Juanita’s Role in Advancing the Stages of Our Tribe’s Maturity
My relationship dynamics with Juanita’s Tribe occurred a couple of decades before I actually read Tribal Leadership: Leveraging Natural Groups to Build a Thriving Organization, nevertheless the situation then was reflective of the necessary evolution of the YKHC Tribe and its members from Apathetic Victim (“My Life Sucks”) to Innocent Wonderment (“We’re Great and So are They”). I watched the evolution over an eight-year period. The YKHC Tribe passed through the days of the Lone Warrior, when, “I’m Great; You’re Not” divided the internal Tribes of Native and non-Native employees. Later we all came together to move through a “We’re Great, You’re Not” relationship with the Federal Government. Eventually, we all “Tribed”.
In all the transitions from 
Stage to Stage and in the transformation of the YKHC Tribe overall, the participation of Juanita and her endorsement of the processes used were vital and instrumental to YKHC becoming the kind of health care service delivery system the member Tribes wanted to see, for the reasons they wanted to see that outcome. Actually, YKHC became the kind of tribal organization that every other tribal organization in the country wanted to become.
Because of its ability to successfully transform as a Tribe of Tribes, YKHC was subsequently a leader in creating the Alaska Native Tribal Health Consortium (ANTHC). ANTHC represented an historical aggregation of more than fifty Tribal organizations in Alaska.

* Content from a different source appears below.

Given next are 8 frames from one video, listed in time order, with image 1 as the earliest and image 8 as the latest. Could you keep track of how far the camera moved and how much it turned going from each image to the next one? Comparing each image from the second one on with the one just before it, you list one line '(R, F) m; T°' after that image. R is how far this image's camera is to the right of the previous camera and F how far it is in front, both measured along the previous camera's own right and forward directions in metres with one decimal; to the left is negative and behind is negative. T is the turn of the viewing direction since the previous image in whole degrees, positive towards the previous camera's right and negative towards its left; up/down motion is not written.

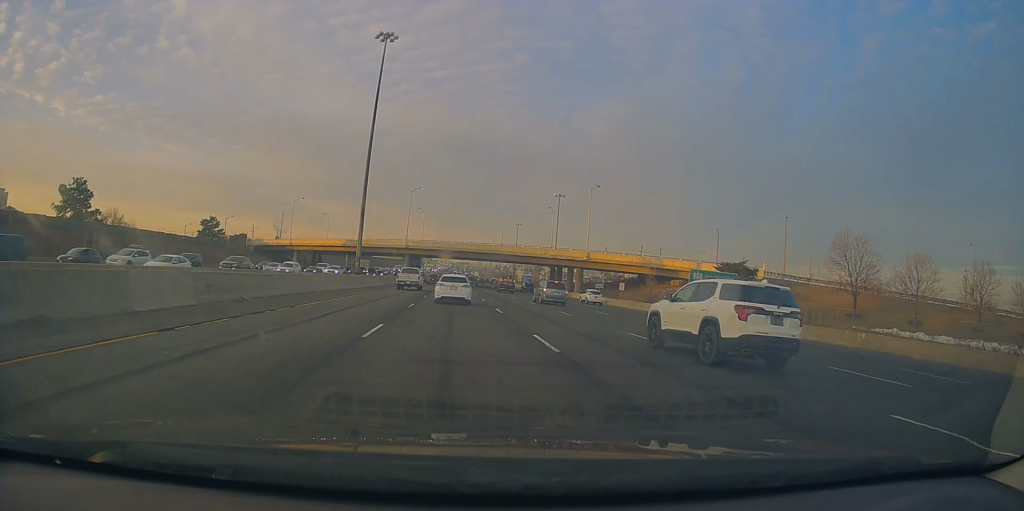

These Tribes, together, transcended cultural and political differences to directly provide health care service to its members in Alaska in lieu of the US Federal Government. This stage transition moved the Tribes of Alaska through “We’re Great, They are Not” to “We’re Great and So are They.”
This experience of seeing Tribes come together in organizations to create one Statewide Tribe of health care providers and health care recipients, working as partners with the Federal Government, caused me to know that what George wants to accomplish is doable. The question becomes only, “How does he do it?”